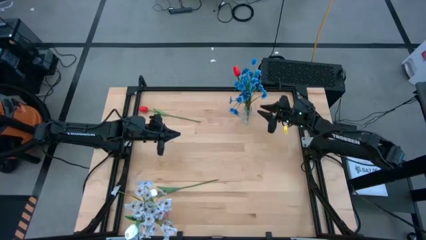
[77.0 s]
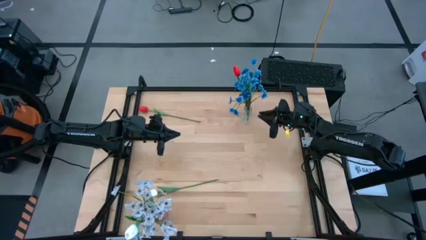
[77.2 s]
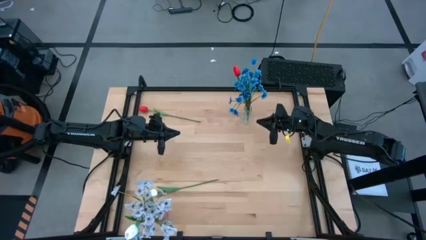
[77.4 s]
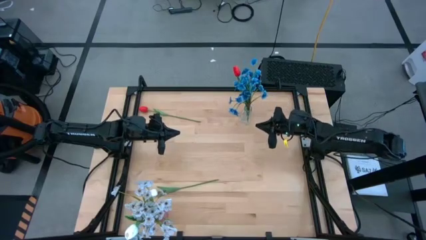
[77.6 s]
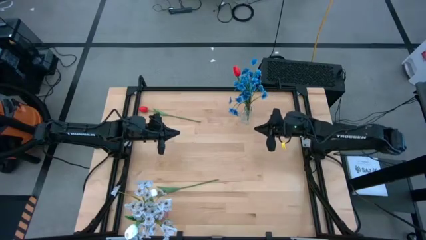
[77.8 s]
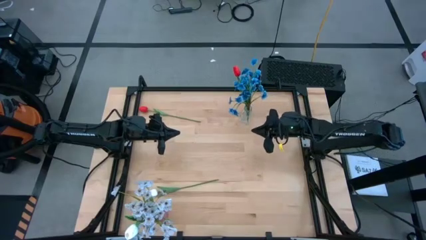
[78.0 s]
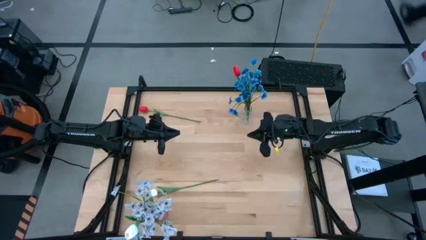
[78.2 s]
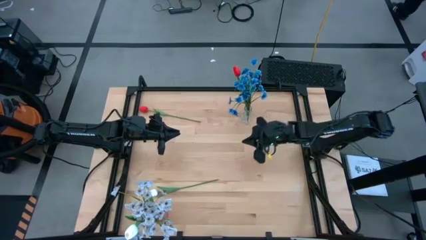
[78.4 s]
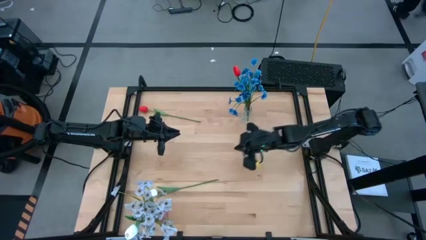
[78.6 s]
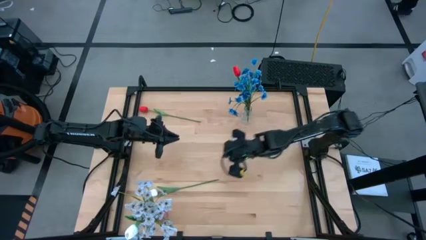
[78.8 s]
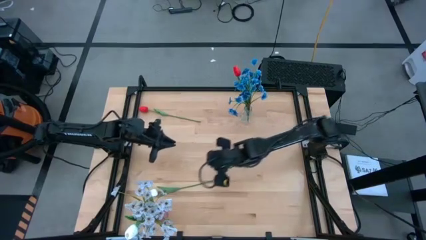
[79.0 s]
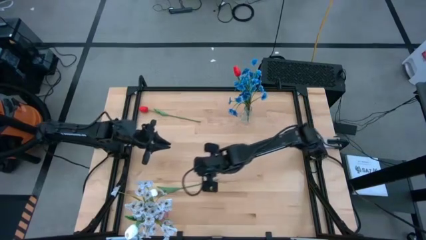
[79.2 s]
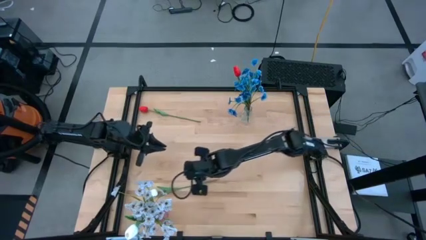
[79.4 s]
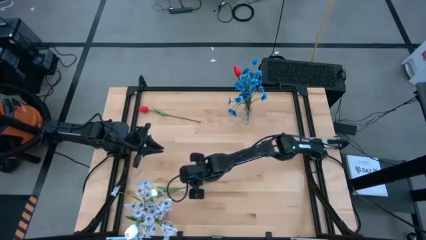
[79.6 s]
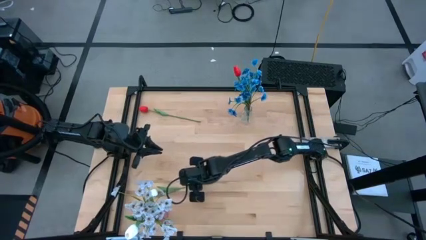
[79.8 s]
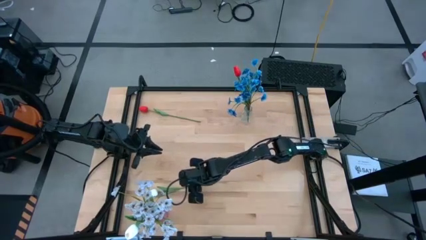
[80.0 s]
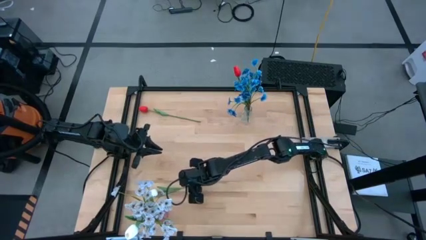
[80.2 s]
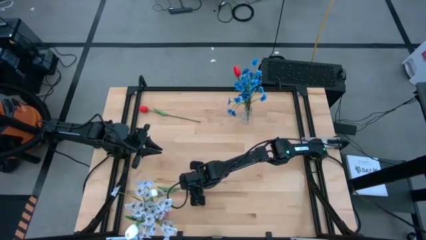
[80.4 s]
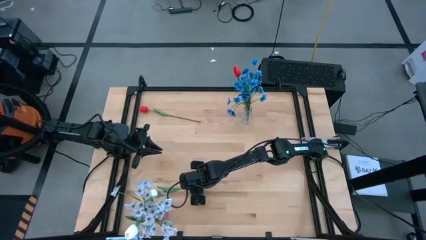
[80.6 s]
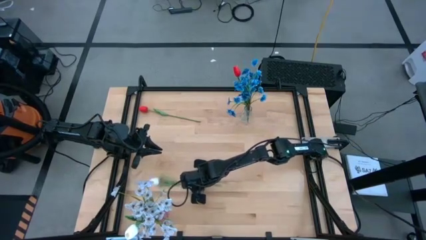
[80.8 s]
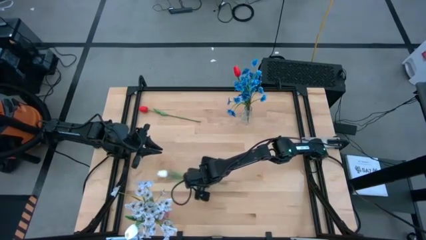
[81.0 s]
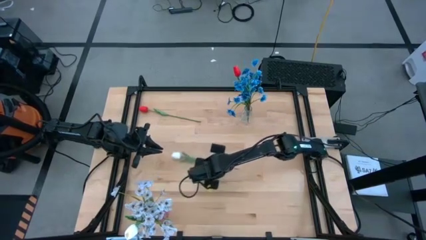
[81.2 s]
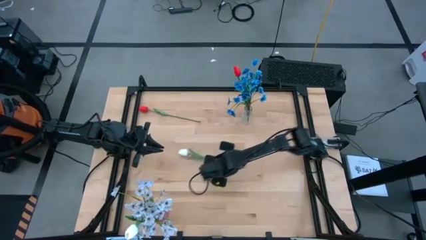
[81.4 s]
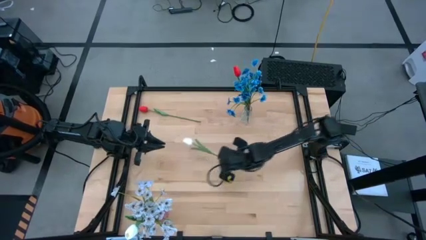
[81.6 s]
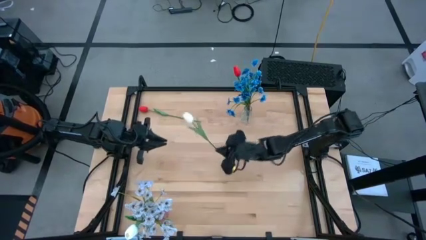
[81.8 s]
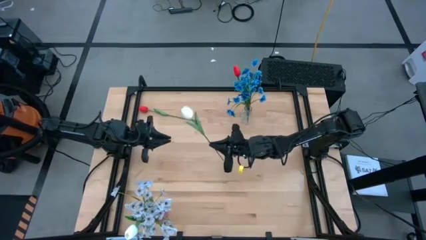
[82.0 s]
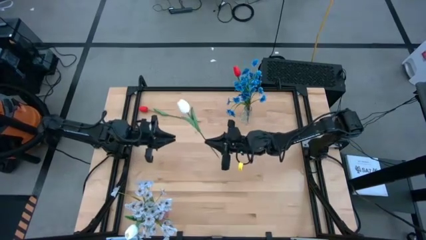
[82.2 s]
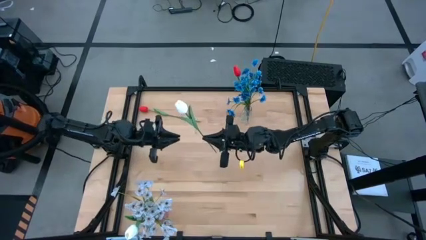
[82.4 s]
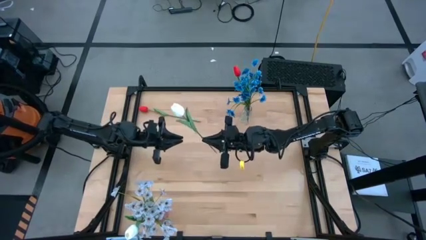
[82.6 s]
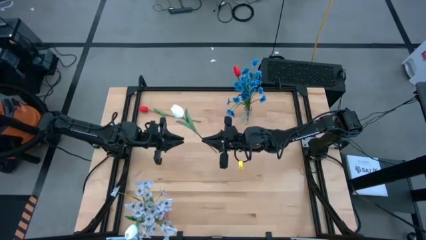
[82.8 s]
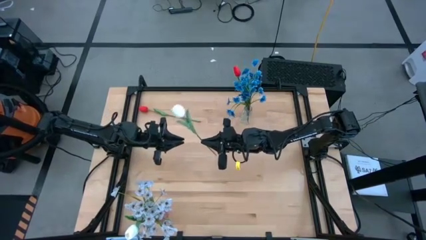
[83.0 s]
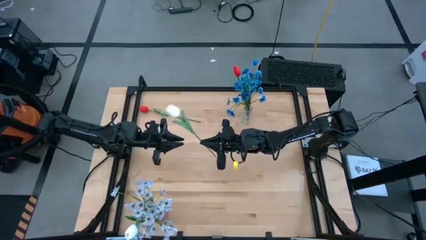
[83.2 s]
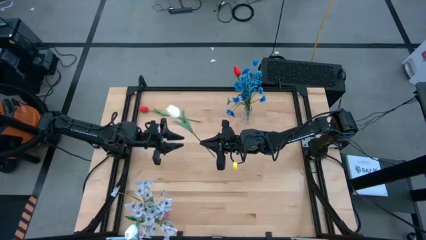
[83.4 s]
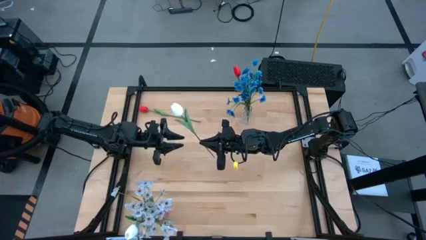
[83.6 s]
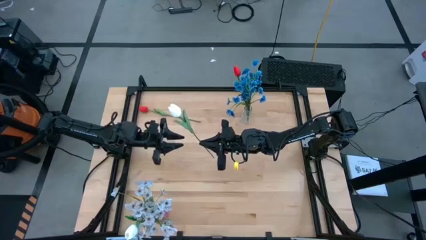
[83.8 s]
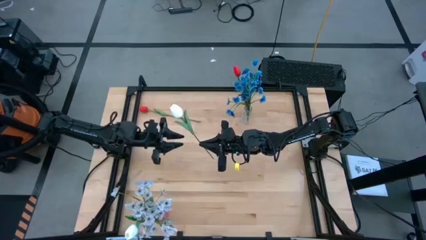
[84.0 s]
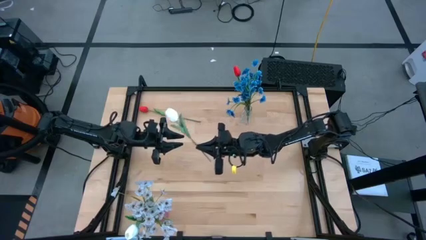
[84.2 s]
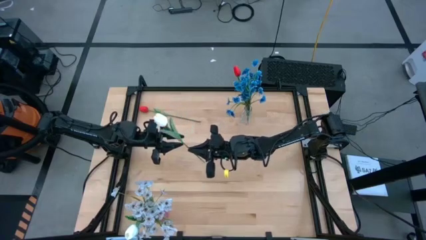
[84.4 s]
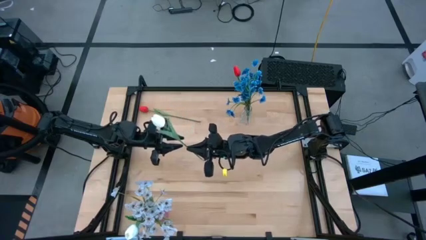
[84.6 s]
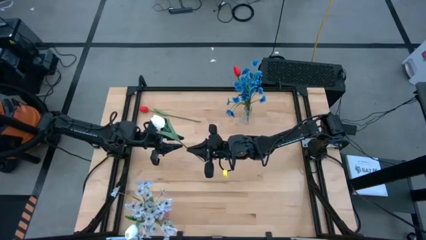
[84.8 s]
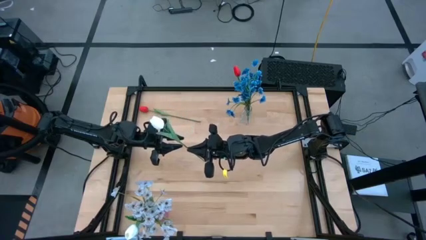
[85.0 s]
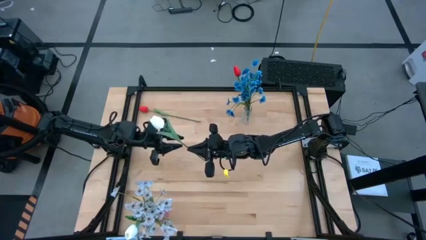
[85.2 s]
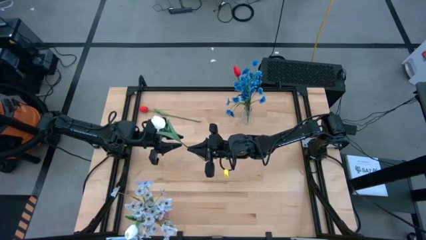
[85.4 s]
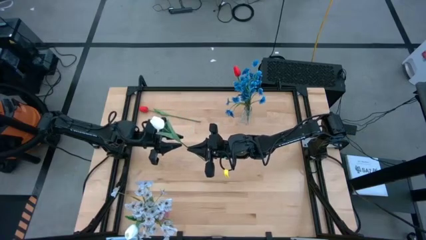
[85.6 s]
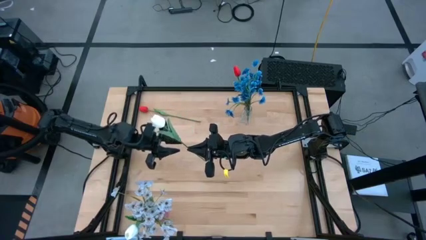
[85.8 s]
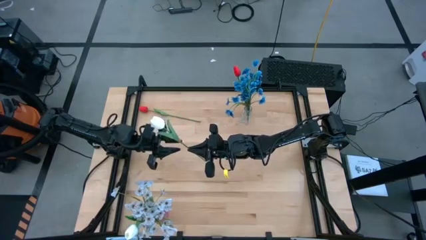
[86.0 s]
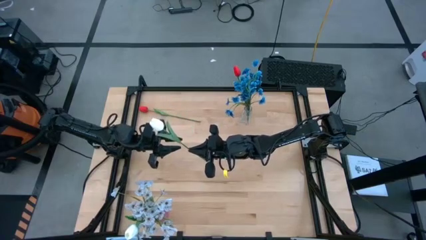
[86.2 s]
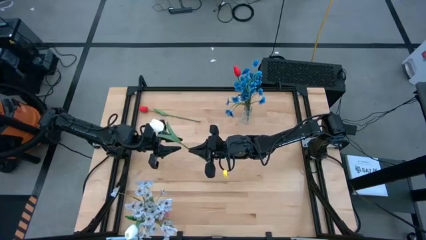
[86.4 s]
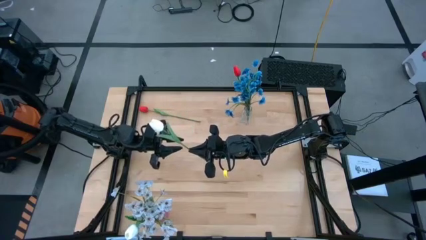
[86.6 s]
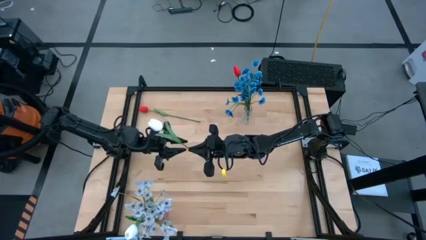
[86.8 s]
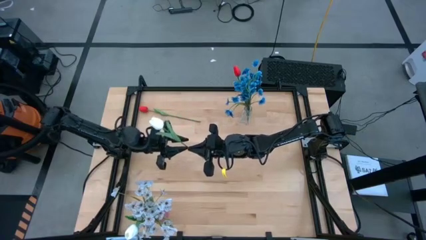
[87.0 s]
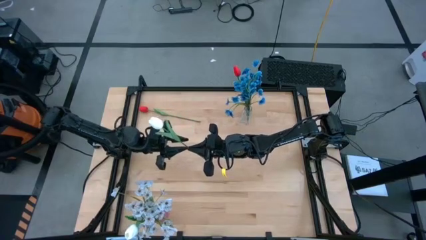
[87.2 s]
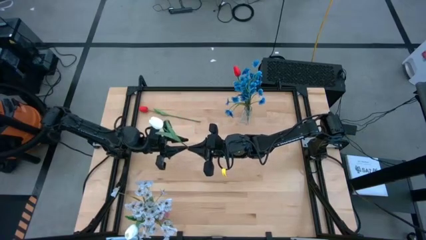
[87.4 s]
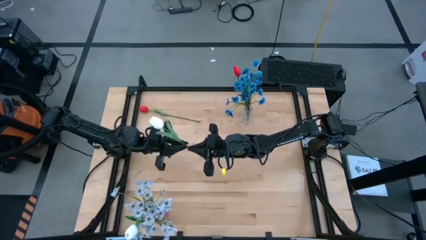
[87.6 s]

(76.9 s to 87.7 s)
Task: Sort flowers into vase by color
Put the white flowers into the pink vase

=-=-=-=-=

### PROMPT
Retype the entries exactly, skipping every picture.

### RESPONSE TO THE TASK
[77.0 s]
[77.2 s]
[77.4 s]
[77.6 s]
[77.8 s]
[78.0 s]
[78.2 s]
[78.4 s]
[78.6 s]
[78.8 s]
[79.0 s]
[79.2 s]
[79.4 s]
[79.6 s]
[79.8 s]
[80.0 s]
[80.2 s]
[80.4 s]
[80.6 s]
[80.8 s]
[81.0 s]
[81.2 s]
[81.4 s]
[81.6 s]
[81.8 s]
[82.0 s]
[82.2 s]
[82.4 s]
[82.6 s]
[82.8 s]
[83.0 s]
[83.2 s]
[83.4 s]
[83.6 s]
[83.8 s]
[84.0 s]
[84.2 s]
[84.4 s]
[84.6 s]
[84.8 s]
[85.0 s]
[85.2 s]
[85.4 s]
[85.6 s]
[85.8 s]
[86.0 s]
[86.2 s]
[86.4 s]
[86.6 s]
[86.8 s]
[87.0 s]
[87.2 s]
[87.4 s]
[87.6 s]

(76.9 s to 87.7 s)
Task: Sort flowers into vase by color
Put the white flowers into the pink vase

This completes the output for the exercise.